What to work on.
Could you give the data that follows again exactly, without its pictures?

Collected data entries
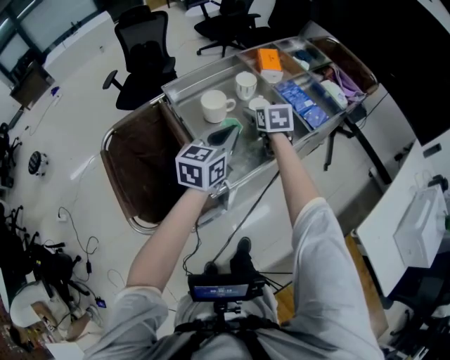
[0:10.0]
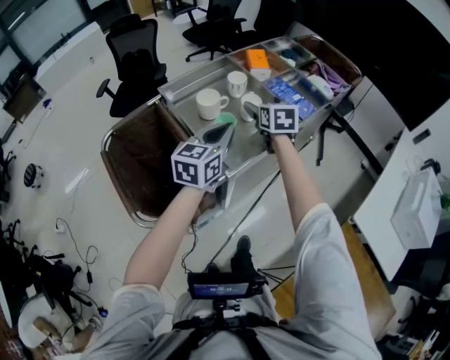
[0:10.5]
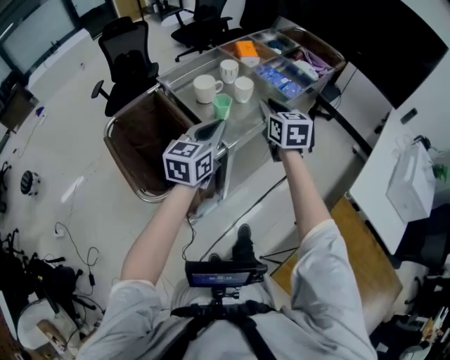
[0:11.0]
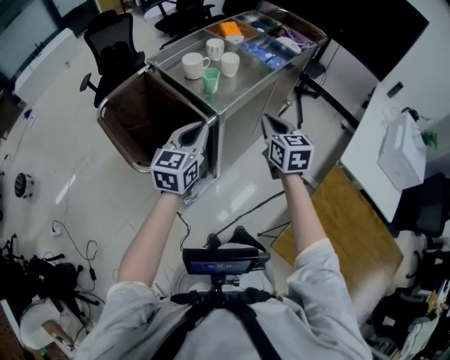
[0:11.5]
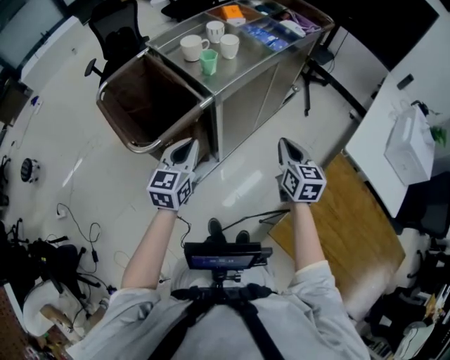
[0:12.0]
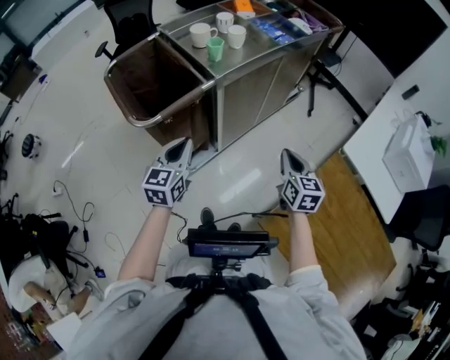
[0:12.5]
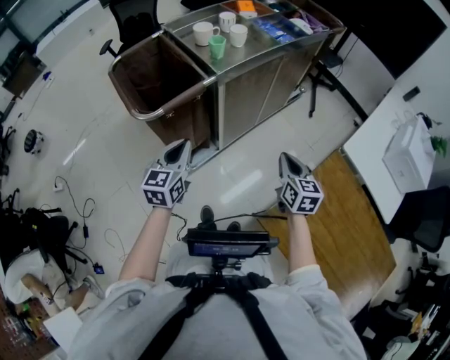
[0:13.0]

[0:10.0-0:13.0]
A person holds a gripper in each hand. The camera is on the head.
0:10.0 to 0:11.5: Both grippers move backward, approximately 30 cm. The right gripper closes its fingers.
0:11.5 to 0:13.0: The right gripper goes roughly 25 cm backward, to the right and downward; the left gripper heads backward and downward, covering some 20 cm.

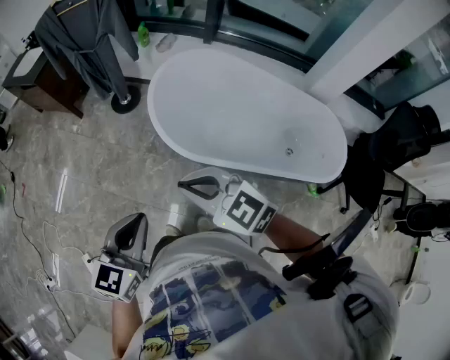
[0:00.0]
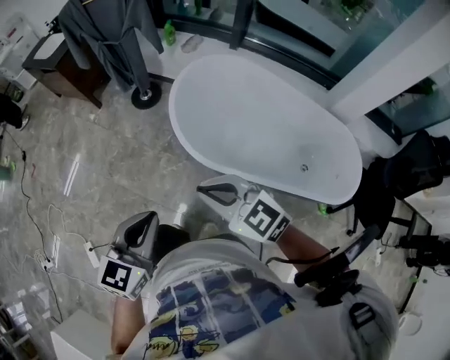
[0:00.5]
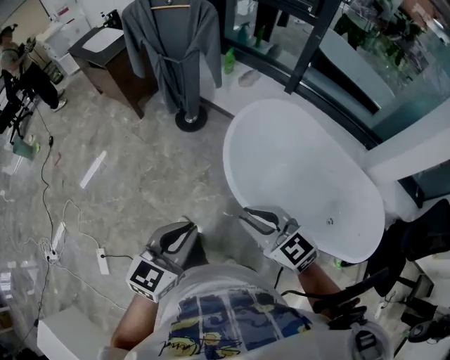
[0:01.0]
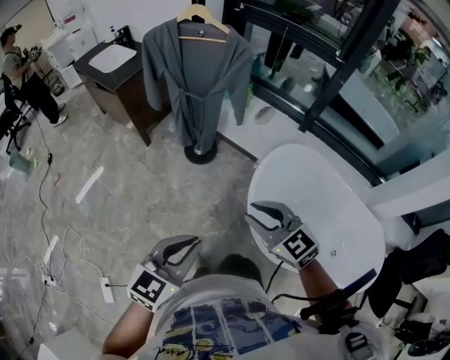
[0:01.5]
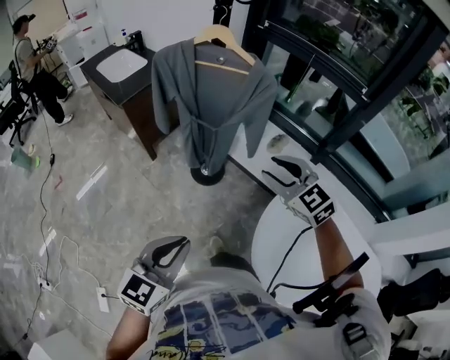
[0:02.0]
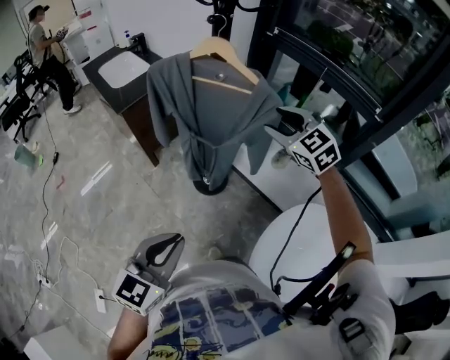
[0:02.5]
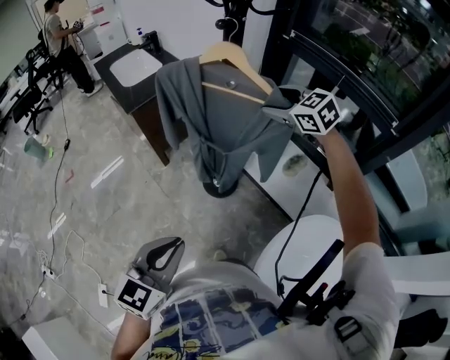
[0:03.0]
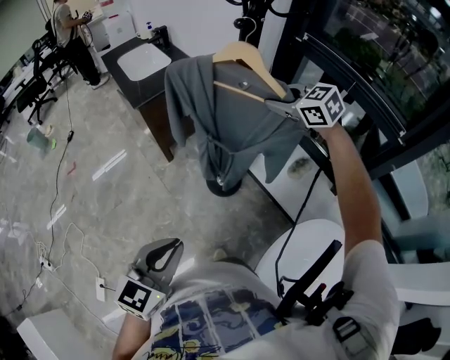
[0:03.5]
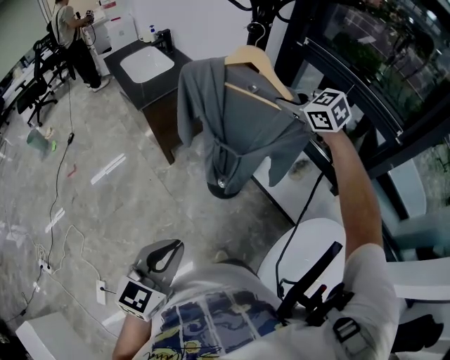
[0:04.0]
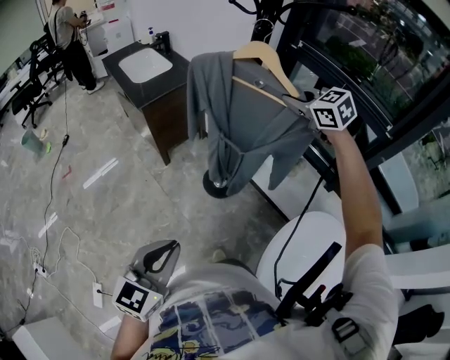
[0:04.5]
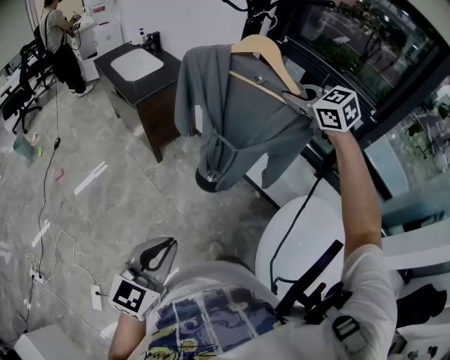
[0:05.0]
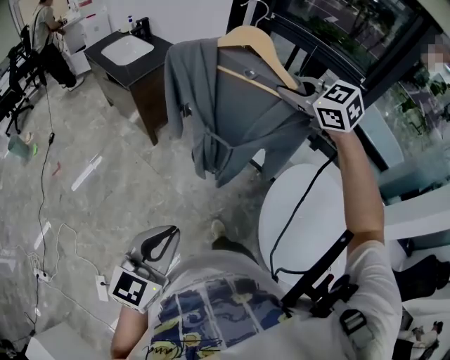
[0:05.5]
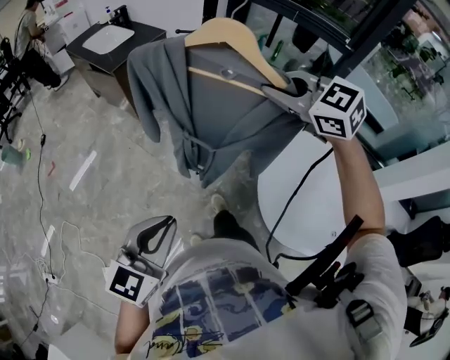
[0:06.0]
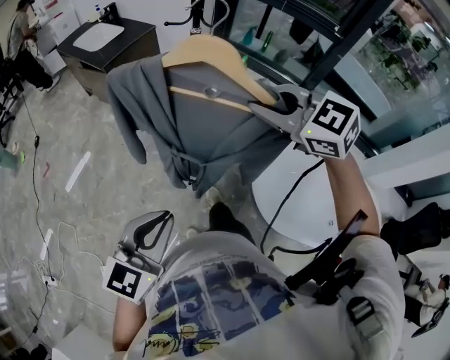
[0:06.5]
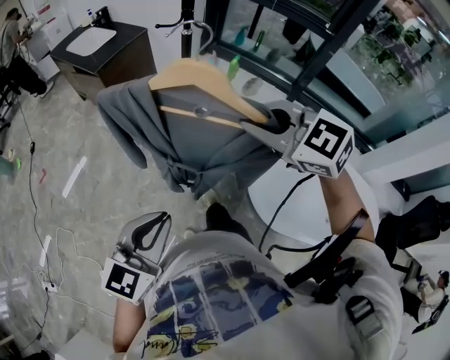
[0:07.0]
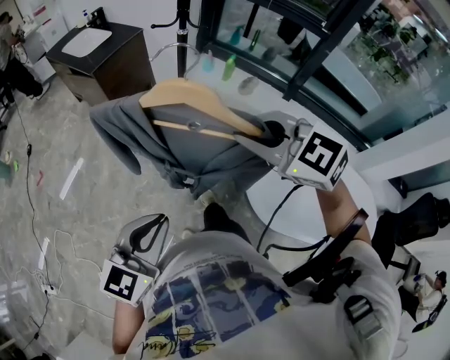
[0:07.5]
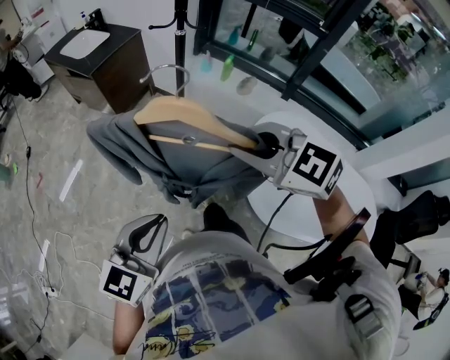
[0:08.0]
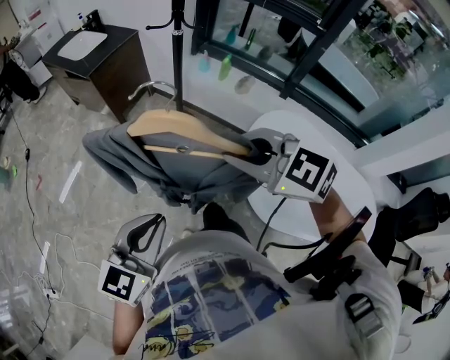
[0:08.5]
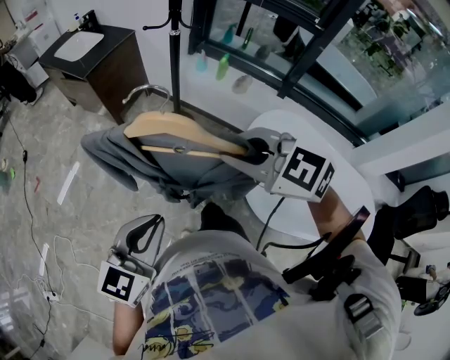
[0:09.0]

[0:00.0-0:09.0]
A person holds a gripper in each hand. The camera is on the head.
0:00.0 to 0:02.0: The pair of grippers is taken forward, some 50 cm. The right gripper opens up.
0:02.0 to 0:04.5: The left gripper moves forward and to the left, approximately 10 cm. Meanwhile the right gripper is displaced forward by roughly 30 cm, and closes.
0:04.5 to 0:07.0: The right gripper travels backward by approximately 50 cm. The left gripper travels backward by roughly 20 cm.
0:07.0 to 0:09.0: The right gripper ends up roughly 5 cm from where it was.

Task output.
[0:10.0]
[0:10.5]
[0:11.0]
[0:11.5]
[0:12.0]
[0:12.5]
[0:13.0]

[0:10.0-0:13.0]
A person holds a gripper in each hand. The camera is on the head.
0:10.0 to 0:11.5: Both grippers move backward, approximately 30 cm. The right gripper closes its fingers.
0:11.5 to 0:13.0: The right gripper goes roughly 25 cm backward, to the right and downward; the left gripper heads backward and downward, covering some 20 cm.

[0:00.0]
[0:00.5]
[0:01.0]
[0:01.5]
[0:02.0]
[0:02.5]
[0:03.0]
[0:03.5]
[0:04.0]
[0:04.5]
[0:05.0]
[0:05.5]
[0:06.0]
[0:06.5]
[0:07.0]
[0:07.5]
[0:08.0]
[0:08.5]
[0:09.0]

[0:00.0-0:09.0]
A person holds a gripper in each hand. The camera is on the head.
0:00.0 to 0:02.0: The pair of grippers is taken forward, some 50 cm. The right gripper opens up.
0:02.0 to 0:04.5: The left gripper moves forward and to the left, approximately 10 cm. Meanwhile the right gripper is displaced forward by roughly 30 cm, and closes.
0:04.5 to 0:07.0: The right gripper travels backward by approximately 50 cm. The left gripper travels backward by roughly 20 cm.
0:07.0 to 0:09.0: The right gripper ends up roughly 5 cm from where it was.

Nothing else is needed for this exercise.